## WHAT IS BEING ASKED
Transcribe the records word for word, leaving nothing out.
——
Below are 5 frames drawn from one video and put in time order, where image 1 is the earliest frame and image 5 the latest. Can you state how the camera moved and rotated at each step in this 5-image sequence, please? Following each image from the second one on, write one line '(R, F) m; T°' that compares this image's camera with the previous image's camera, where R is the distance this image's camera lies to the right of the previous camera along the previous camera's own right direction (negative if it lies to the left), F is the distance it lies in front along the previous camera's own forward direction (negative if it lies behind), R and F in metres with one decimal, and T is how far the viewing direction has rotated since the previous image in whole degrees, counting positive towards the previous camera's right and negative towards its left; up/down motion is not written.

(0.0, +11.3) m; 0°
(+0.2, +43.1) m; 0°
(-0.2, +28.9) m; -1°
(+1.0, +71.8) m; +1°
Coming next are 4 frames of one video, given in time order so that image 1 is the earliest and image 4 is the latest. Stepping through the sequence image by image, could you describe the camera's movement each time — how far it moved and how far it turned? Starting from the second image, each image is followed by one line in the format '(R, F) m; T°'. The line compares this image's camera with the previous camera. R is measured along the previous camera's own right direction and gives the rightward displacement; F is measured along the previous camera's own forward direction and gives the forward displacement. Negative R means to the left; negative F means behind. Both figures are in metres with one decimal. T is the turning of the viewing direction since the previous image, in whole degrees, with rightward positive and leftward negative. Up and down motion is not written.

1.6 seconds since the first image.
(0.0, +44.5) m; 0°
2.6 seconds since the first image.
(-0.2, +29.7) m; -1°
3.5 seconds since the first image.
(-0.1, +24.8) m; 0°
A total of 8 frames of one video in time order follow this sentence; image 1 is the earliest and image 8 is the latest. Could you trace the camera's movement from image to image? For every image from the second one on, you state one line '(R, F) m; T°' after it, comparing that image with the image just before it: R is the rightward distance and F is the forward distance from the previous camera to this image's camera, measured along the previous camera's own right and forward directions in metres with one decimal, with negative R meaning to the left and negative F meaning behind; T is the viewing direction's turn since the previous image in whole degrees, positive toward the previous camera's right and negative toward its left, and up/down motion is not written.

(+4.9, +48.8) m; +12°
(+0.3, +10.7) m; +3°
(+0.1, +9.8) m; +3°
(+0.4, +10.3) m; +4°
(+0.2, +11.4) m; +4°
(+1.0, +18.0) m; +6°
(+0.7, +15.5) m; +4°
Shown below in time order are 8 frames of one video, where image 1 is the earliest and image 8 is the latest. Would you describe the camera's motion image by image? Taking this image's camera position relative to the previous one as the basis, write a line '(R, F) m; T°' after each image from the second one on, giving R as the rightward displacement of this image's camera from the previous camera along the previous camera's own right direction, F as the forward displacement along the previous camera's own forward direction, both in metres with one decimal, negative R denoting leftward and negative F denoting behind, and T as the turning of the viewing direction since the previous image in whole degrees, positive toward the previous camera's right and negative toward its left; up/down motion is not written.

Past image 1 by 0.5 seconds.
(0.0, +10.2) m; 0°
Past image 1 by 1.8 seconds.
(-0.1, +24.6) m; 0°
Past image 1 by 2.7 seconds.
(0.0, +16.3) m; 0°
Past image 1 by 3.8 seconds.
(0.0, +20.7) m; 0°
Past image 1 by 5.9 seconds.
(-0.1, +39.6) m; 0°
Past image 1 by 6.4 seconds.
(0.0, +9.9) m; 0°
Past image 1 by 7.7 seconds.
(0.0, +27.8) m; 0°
——
## ANSWER FOR THIS EXERCISE
Below are 5 frames drawn from one video and put in time order, where image 1 is the earliest frame and image 5 the latest. Can you state how the camera moved and rotated at each step in this 5-image sequence, please? Following each image from the second one on, write one line '(R, F) m; T°' that compares this image's camera with the previous image's camera, where R is the distance this image's camera lies to the right of the previous camera along the previous camera's own right direction (negative if it lies to the left), F is the distance it lies in front along the previous camera's own forward direction (negative if it lies behind), R and F in metres with one decimal, and T is how far the viewing direction has rotated since the previous image in whole degrees, counting positive towards the previous camera's right and negative towards its left; up/down motion is not written.

(0.0, +11.3) m; 0°
(+0.2, +43.1) m; 0°
(-0.2, +28.9) m; -1°
(+1.0, +71.8) m; +1°
Coming next are 4 frames of one video, given in time order so that image 1 is the earliest and image 4 is the latest. Stepping through the sequence image by image, could you describe the camera's movement each time — how far it moved and how far it turned? Starting from the second image, each image is followed by one line in the format '(R, F) m; T°'. The line compares this image's camera with the previous camera. R is measured along the previous camera's own right direction and gives the rightward displacement; F is measured along the previous camera's own forward direction and gives the forward displacement. Negative R means to the left; negative F means behind. Both figures are in metres with one decimal. T is the turning of the viewing direction since the previous image, in whole degrees, with rightward positive and leftward negative. Up and down motion is not written.

1.6 seconds since the first image.
(0.0, +44.5) m; 0°
2.6 seconds since the first image.
(-0.2, +29.7) m; -1°
3.5 seconds since the first image.
(-0.1, +24.8) m; 0°
A total of 8 frames of one video in time order follow this sentence; image 1 is the earliest and image 8 is the latest. Could you trace the camera's movement from image to image? For every image from the second one on, you state one line '(R, F) m; T°' after it, comparing that image with the image just before it: R is the rightward distance and F is the forward distance from the previous camera to this image's camera, measured along the previous camera's own right and forward directions in metres with one decimal, with negative R meaning to the left and negative F meaning behind; T is the viewing direction's turn since the previous image in whole degrees, positive toward the previous camera's right and negative toward its left, and up/down motion is not written.

(+4.9, +48.8) m; +12°
(+0.3, +10.7) m; +3°
(+0.1, +9.8) m; +3°
(+0.4, +10.3) m; +4°
(+0.2, +11.4) m; +4°
(+1.0, +18.0) m; +6°
(+0.7, +15.5) m; +4°
Shown below in time order are 8 frames of one video, where image 1 is the earliest and image 8 is the latest. Would you describe the camera's motion image by image? Taking this image's camera position relative to the previous one as the basis, write a line '(R, F) m; T°' after each image from the second one on, giving R as the rightward displacement of this image's camera from the previous camera along the previous camera's own right direction, F as the forward displacement along the previous camera's own forward direction, both in metres with one decimal, negative R denoting leftward and negative F denoting behind, and T as the turning of the viewing direction since the previous image in whole degrees, positive toward the previous camera's right and negative toward its left; up/down motion is not written.

Past image 1 by 0.5 seconds.
(0.0, +10.2) m; 0°
Past image 1 by 1.8 seconds.
(-0.1, +24.6) m; 0°
Past image 1 by 2.7 seconds.
(0.0, +16.3) m; 0°
Past image 1 by 3.8 seconds.
(0.0, +20.7) m; 0°
Past image 1 by 5.9 seconds.
(-0.1, +39.6) m; 0°
Past image 1 by 6.4 seconds.
(0.0, +9.9) m; 0°
Past image 1 by 7.7 seconds.
(0.0, +27.8) m; 0°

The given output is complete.